10. Unsupported Python Programs

Bodo compiles functions into efficient native parallel binaries, which requires all the operations used in the code to be supported by Bodo. This excludes some Python features explained in this section.

10.1. Type Stability

To enable type inference, the program should be type stable, which means Bodo should be able to assign a single type to every variable.

10.1.1. DataFrame Schema

Deterministic dataframe schemas, which are required in most data systems, is key for type stability. For example, variable df in example below could be either a single column dataframe or a two column one – Bodo cannot determine it at compilation time:

@bodo.jit
def f(a):
    df = pd.DataFrame({"A": [1, 2, 3]})
    df2 = pd.DataFrame({"A": [1, 3, 4], "C": [-1, -2, -3]})
    if len(a) > 3:
        df = df.merge(df2)

    return df.mean()

print(f([2, 3]))
# TypeError: Cannot unify dataframe((array(int64, 1d, C),), RangeIndexType(none), ('A',), False)
# and dataframe((array(int64, 1d, C), array(int64, 1d, C)), RangeIndexType(none), ('A', 'C'), False) for 'df'

The error message means that Bodo cannot find a type that can unify the two types into a single type. This code can be refactored so that the if control flow is executed in regular Python context, but the rest of computation is in Bodo functions. For example, one could use two versions of the function:

@bodo.jit
def f1():
    df = pd.DataFrame({"A": [1, 2, 3]})
    return df.mean()

@bodo.jit
def f2():
    df = pd.DataFrame({"A": [1, 2, 3]})
    df2 = pd.DataFrame({"A": [1, 3, 4], "C": [-1, -2, -3]})
    df = df.merge(df2)
    return df.mean()

a = [2, 3]
if len(a) > 3:
    print(f1())
else:
    print(f2())

Another common place where schema stability may be compromised is in passing non-constant list of key column names to dataframe operations such as groupby, merge and sort_values. In these operations, Bodo should be able to deduce the list of key column names at compile time in order to determine the output dataframe schema. For example, the program below is potentially type unstable since Bodo may not be able to infer column_list during compilation:

@bodo.jit
def f(a, i):
    column_list = a[:i]  # some computation that cannot be inferred statically
    df = pd.DataFrame({"A": [1, 2, 1], "B": [4, 5, 6]})
    return df.groupby(column_list).sum()

a = ["A", "B"]
i = 1
f(a, i)
# BodoError: groupby(): 'by' parameter only supports a constant column label or column labels.

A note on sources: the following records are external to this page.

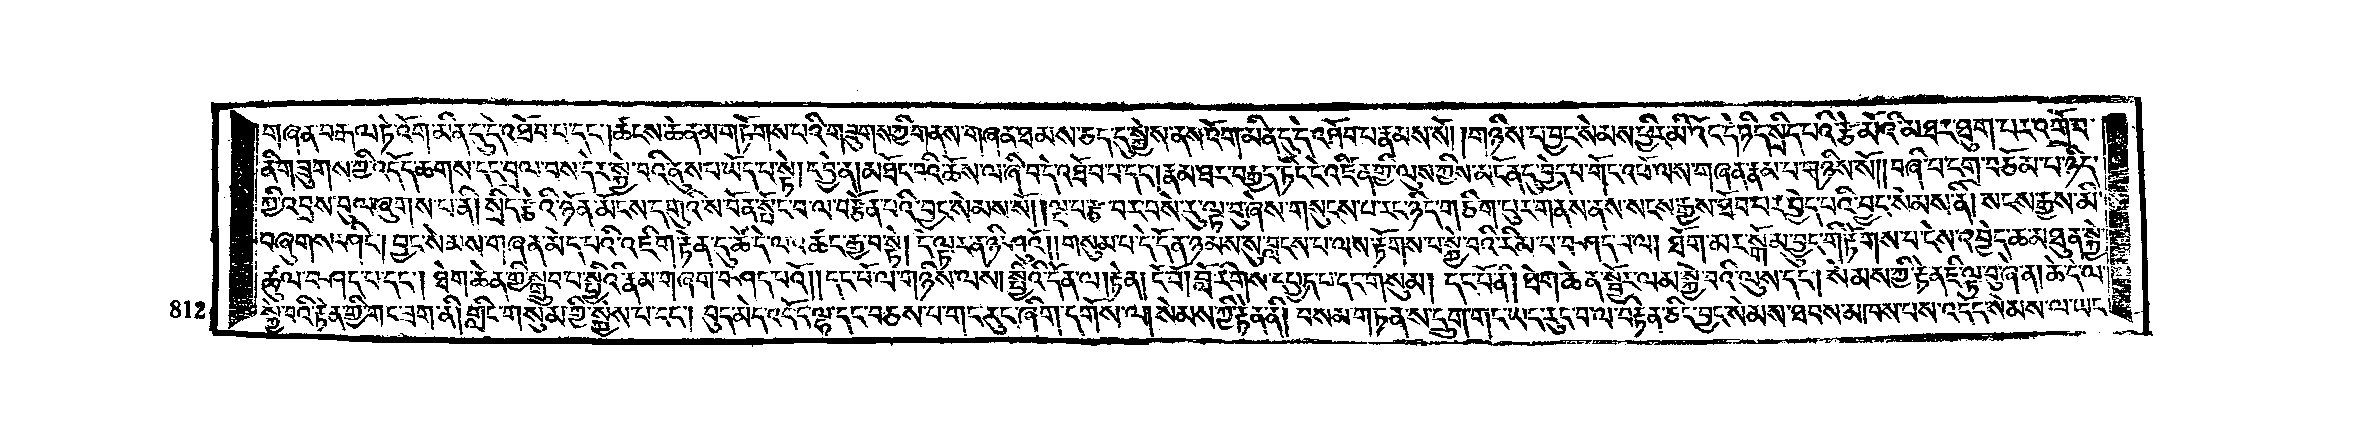གཞན་བརྒལ་ཏེ་འོག་མིན་དུ་དེ་འཐོབ་པ་དང་། ཚངས་ཆེན་མ་གཏོགས་པའི་གཟུགས་ཀྱི་གནས་གཞན་ཐམས་ཅད་དུ་སྐྱེས་ནས་འོག་མིན་དུ་དེ་འཐོབ་པ་རྣམས་སོ། །གཉིས་པ་བྱང་སེམས་ཕྱིར་མི་འོང་དེ་ཉིད་སྲིད་པའི་རྩེ་མོའི་མཐར་ཐུག་པར་འགྲོ་བ་
ནི་གཟུགས་ཀྱི་འདོད་ཆགས་དང་བྲལ་བས་དེར་སྐྱེ་བའི་ནུས་པ་ཡོད་པ་སྟེ། དབྱེ་ན། མཐོང་བའི་ཆོས་ལ་ཞི་བ་དེ་འཐོབ་པ་དང་། རྣམ་ཐར་བརྒྱད་ཏིང་ངེ་འཛིན་གྱི་ལུས་ཀྱིས་མངོན་དུ་བྱེད་པ་གོང་འཕོ་ལས་གཞན་རྣམ་པ་གཉིས་སོ། །བཞི་པ་དགྲ་བཅོམ་པ་ཉིད་
ཀྱི་འབྲས་བུ་ལ་ཞུགས་པ་ནི། སྲིད་རྩེའི་ཉོན་མོངས་དགུའི་ས་བོན་སྤོང་བ་ལ་བརྩོན་པའི་བྱང་སེམས་སོ། །ལྔ་པ་རྩ་བར་བསེ་རུ་ལྟ་བུ་ཞེས་གསུངས་པ་རང་ཉིད་གཅིག་པུར་གནས་ནས་སངས་རྒྱས་ཐོབ་པར་བྱེད་པའི་བྱང་སེམས་ནི། སངས་རྒྱས་མི་
བཞུགས་ཤིང་། བྱང་སེམས་གཞན་མེད་པའི་འཇིག་རྟེན་དུ་ཚེ་དེ་ལ་འཚང་རྒྱ་བ་སྟེ། དེ་ལྟར་ན་ཉི་ཤུའོ། །གསུམ་པ་དེ་དོན་ཉམས་སུ་བླངས་པ་ལས་རྟོགས་པ་སྐྱེ་བའི་རིམ་པ་བཤད་པ་ལ། ཐོག་མར་སྒོམ་བྱུང་གི་རྟོགས་པ་ངེས་འབྱེད་ཆ་མཐུན་སྐྱེ་
ཚུལ་བཤད་པ་དང་། ཐེག་ཆེན་གྱི་སྒྲུབ་པ་སྤྱིའི་རྣམ་གཞག་བཤད་པའོ། །དང་པོ་ལ་གཉིས་ལས། སྤྱིའི་དོན་ལ། རྟེན། ངོ་བོ། བློ་རིགས་དཔྱད་པ་དང་གསུམ། དང་པོ་ནི། ཐེག་ཆེན་སྦྱོར་ལམ་སྐྱེ་བའི་ལུས་དང་། སེམས་ཀྱི་རྟེན་ཇི་ལྟ་བུ་ཞེ་ན། ཚེ་དེ་ལ་
སྐྱེ་བའི་རྟེན་གྱི་གང་ཟག་ནི། གླིང་གསུམ་གྱི་སྐྱེས་པ་དང་། བུད་མེད་འདོད་ལྷ་དང་བཅས་པ་གང་རུང་ཞིག་དགོས་ལ། སེམས་ཀྱི་རྟེན་ནི། བསམ་གཏན་ས་དྲུག་གང་ཡང་རུང་བ་ལ་བརྟེན་ཅིང་བྱང་སེམས་ཐབས་མཁས་པས་འདོད་སེམས་ལ་ཡང་

This code can be refactored so that the computation for column_list is performed in regular Python context, and the result is passed as a function argument:

@bodo.jit
def f(column_list):
    df = pd.DataFrame({"A": [1, 2, 1], "B": [4, 5, 6]})
    return df.groupby(column_list).sum()

a = ["A", "B"]
i = 1
column_list = a[:i]
f(column_list)

In general, Bodo can infer constants from function arguments, global variables, and constant values in the program. Furthermore, Bodo supports implicitly inferring constant lists automatically for list addition and set difference operations such as:

df.groupby(["A"] + ["B"]).sum()
df.groupby(list(set(df.columns) - set(["A", "C"]))).sum()

Bodo will support inferring more implicit constant cases in the future (e.g. more list and set operations).

Referring to dataframe columns (e.g. df[“A”]) requires constants for schema stability as well. for loops over dataframe column names such as below is not supported yet:

@bodo.jit
def f(df):
    s = 0
    for c in df.columns:
        s += df[c].sum()
    return s

f(pd.DataFrame({"A": [1, 2, 1], "B": [4, 5, 6]}))
# BodoError: df[] getitem using unicode_type not supported

10.1.2. Variable Types and Functions

The example below is not type stable since variable a can be both a float and an array of floats:

if flag:
    a = 1.0
else:
    a = np.ones(10)

The use of isinstance operator of Python often means type instability and is not supported.

Similarly, function calls should also be deterministic. The below example is not supported since function f is not known in advance:

if flag:
    f = np.zeros
else:
    f = np.random.ranf
A = f(10)

One can usually avoid these cases in analytics codes without significant effort.

10.1.3. Accessing individual values of nullable data

The type of null (NA) value for most nullable data arrays is different than regular values (except float data which stores np.nan). Therefore, accessing individual values (i.e. using [] with an integer index) may not be type stable. In these cases, Bodo assumes the value is not NA and returns an “neutral” value:

@bodo.jit
def f(S, i):
    return S.iloc[i]  # not type stable
S = pd.Series(["A", None, "CC"])
f(S, 1)  # returns ""

The solution is to check for NA values using pd.isna to handle NA values appropriately:

@bodo.jit
def f(S, i):
    if pd.isna(S.iloc[i]):
        return "NA"
    return S.iloc[i]
S = pd.Series(["A", None, "CC"])
f(S, 1)  # returns "NA"

We are working on making it possible to avoid stability issues automatically in most practical cases.

10.2. Unsupported Python Constructs

Bodo relies on Numba for supporting basic Python features. Therefore, Python constructs that are not supported by Numba (see Numba documentation here) should be avoided in Bodo programs.

Generally, these Python features are not supported:

  • exceptions: try .. except, raise

  • context manager: with

  • list, set, dict and generator comprehensions

  • async features

  • class definition: class

  • string formatting, e.g. “A: {}”.format(a)

  • jit functions cannot have **kwargs

  • functions can be passed as arguments but not returned

  • lists of lists cannot be passed as arguments unless if typed-list of Numba is used.

  • typed-dict of Numba is currently required for passing dictionaries as argument to jit functions.

10.2.1. Heterogeneous types inside a data structure

  • List containing values of heterogeneous type
    • myList = [1, "a", 0.1]

  • Dictionary containing values of heterogeneous type
    • myDict = {"A": 1, "B": "a", "C": 0.1}